Cholesterol Synthesis and Regulation

• Functions of Cholesterol

  • Maintains membrane fluidity by intercalating between phospholipid molecules, preventing them from packing too closely or moving too freely, thus regulating membrane permeability and structural integrity.

  • Precursor for all steroid hormones (e.g., estradiol, testosterone, cortisol, aldosterone).

  • Used to form bile salts, essential for the emulsification and absorption of dietary fats and fat-soluble vitamins in the small intestine.

  • Backbone for Vitamin D synthesis, which is further activated in the skin upon exposure to ultraviolet B (UVB) radiation.

• Precursor Molecule: Acetyl CoA

  • Cholesterol synthesis is an anabolic process, requiring significant energy.

  • Acetyl CoA is a versatile two-carbon molecule centrally involved in metabolism, derived from:

    • Complete oxidation of carbohydrates (via glycolysis and pyruvate dehydrogenase complex).

    • Beta-oxidation of fatty acids (fat catabolism).

    • Catabolism of certain amino acids.

  • Pathways of Acetyl CoA:

    • Oxidized in the citric acid cycle to generate ATP.

    • Converted to malonyl CoA for de novo lipogenesis (fatty acid synthesis).

    • Forms beta-hydroxybutyrate and acetoacetate (ketone bodies) during prolonged fasting or starvation.

    • Shunted towards cholesterol synthesis primarily in the fed state, dictated by high insulin levels and abundant glucose, signaling an energy surplus.

• Key Enzyme: HMG CoA Reductase

  • The rate-limiting and committed step enzyme for cholesterol synthesis, controlling the conversion of HMG CoA to mevalonate.

  • Found in the endoplasmic reticulum of almost every nucleated cell in the body, allowing most cells to synthesize their own cholesterol for membrane maintenance.

  • Major sites of synthesis:

    • Liver: Synthesizes the largest amount of cholesterol, providing precursors for bile salts, steroid hormones, and Vitamin D. It also packages cholesterol into VLDL for distribution to peripheral tissues.

    • Gonads (testes, ovaries): Synthesize cholesterol locally for sex hormone production (e.g., testosterone, estrogen).

    • Adrenal cortex: Synthesizes cholesterol for the production of corticosteroid hormones (e.g., cortisol, aldosterone).

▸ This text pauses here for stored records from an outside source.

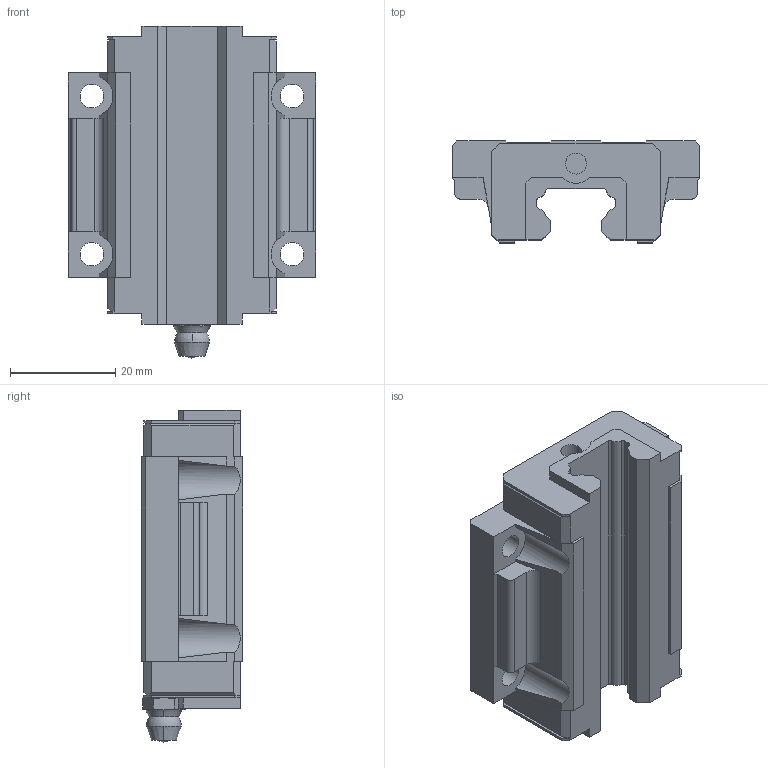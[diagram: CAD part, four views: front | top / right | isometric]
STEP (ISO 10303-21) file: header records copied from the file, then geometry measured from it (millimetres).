
FILE_DESCRIPTION (( 'STEP AP203' ), '1' );
FILE_NAME ('6709K11.STEP', '2017-12-11T14:25:05', ( '' ), ( '' ), 'SwSTEP 2.0', 'SolidWorks 2014', '' );
FILE_SCHEMA (( 'CONFIG_CONTROL_DESIGN' ));
Length unit declared in the file: inch
Products named in the file (1): 6709K11
Bounding box: 47 x 19.3 x 63.01 mm (x, y, z)
Volume: 30564 mm3; surface area: 10028.4 mm2
Topology: 2 solids, 2 shells, 175 faces, 496 edges, 329 vertices
Faces by surface type: plane 127, cylinder 30, cone 12, sphere 4, torus 2
Entity records: 5765 total; most frequent: CARTESIAN_POINT 1139, ORIENTED_EDGE 992, DIRECTION 888, EDGE_CURVE 496, VECTOR 372, LINE 372, VERTEX_POINT 329, AXIS2_PLACEMENT_3D 258
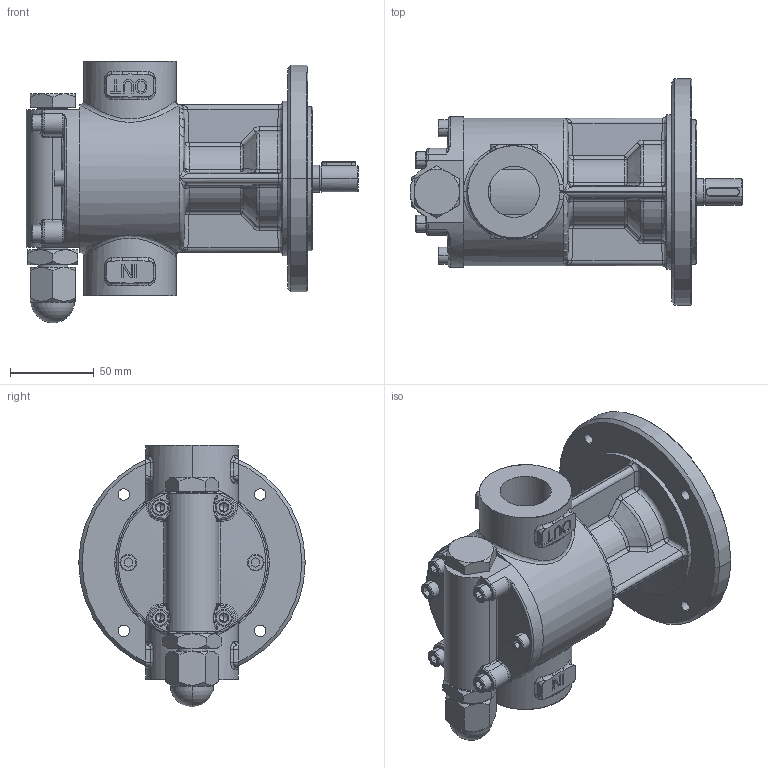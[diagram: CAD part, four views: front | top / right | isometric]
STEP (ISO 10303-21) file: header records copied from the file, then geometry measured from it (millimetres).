
FILE_DESCRIPTION((''),'2;1');
FILE_NAME('P50GB_053_SW0001','2015-03-26T',('DCASTAN'),(''),'PRO/ENGINEER BY PARAMETRIC TECHNOLOGY CORPORATION, 2008230','PRO/ENGINEER BY PARAMETRIC TECHNOLOGY CORPORATION, 2008230','');
FILE_SCHEMA(('CONFIG_CONTROL_DESIGN'));
Length unit declared in the file: millimetre
Products named in the file (1): P50GB_053_SW0001
Bounding box: 197.94 x 135 x 156 mm (x, y, z)
Volume: 953288.2 mm3; surface area: 130974.4 mm2
Topology: 1 solids, 4 shells, 974 faces, 2379 edges, 1457 vertices
Faces by surface type: plane 396, cylinder 212, bspline 170, cone 104, torus 58, sphere 34
Entity records: 41389 total; most frequent: CARTESIAN_POINT 19858, ORIENTED_EDGE 4722, DIRECTION 4089, EDGE_CURVE 2361, AXIS2_PLACEMENT_3D 1490, VERTEX_POINT 1457, VECTOR 1109, LINE 1109

• Regulation of HMG CoA Reductase Activity

  • Insulin (Fed State): High insulin levels activate phosphatase enzymes, which dephosphorylate HMG CoA reductase, thereby activating it. This promotes cholesterol synthesis when energy and carbon sources (glucose, Acetyl CoA) are abundant, signaling an anabolic state.

  • Glucagon/Energy Deprived State: In states of low energy (e.g., fasting), hormones like glucagon and activation of AMP-activated protein kinase (AMPK) lead to phosphorylation of the enzyme, rendering it inactive. This conserves ATP by preventing wasteful cholesterol synthesis and prioritizes Acetyl CoA for energy production.

  • Allosteric Feedback Inhibition: Cholesterol itself, and other sterols, can allosterically inhibit the activity of HMG CoA reductase. When intracellular cholesterol levels are high, cholesterol binds to a site on the enzyme, causing a conformational change that reduces its catalytic activity. This provides a rapid, short-term regulatory mechanism.

  • Transcriptional Regulation (SREBP pathway): This is the primary long-term regulation mechanism. Sterol Regulatory Element-Binding Proteins (SREBPs) are transcription factors that, when cholesterol levels are low, translocate from the endoplasmic reticulum to the Golgi apparatus, where they are cleaved. The active N-terminal domain then moves to the nucleus and binds to Sterol Regulatory Elements (SREs) in the promoter regions of target genes, including HMG CoA reductase, leading to increased gene expression and enzyme synthesis. Conversely, high cholesterol levels keep SREBPs sequestered in the ER, preventing their activation and thus reducing HMG CoA reductase synthesis.

  • Proteasomal Degradation: High intracellular cholesterol levels also lead to increased ubiquitination and proteasomal degradation of HMG CoA reductase, further reducing its quantity.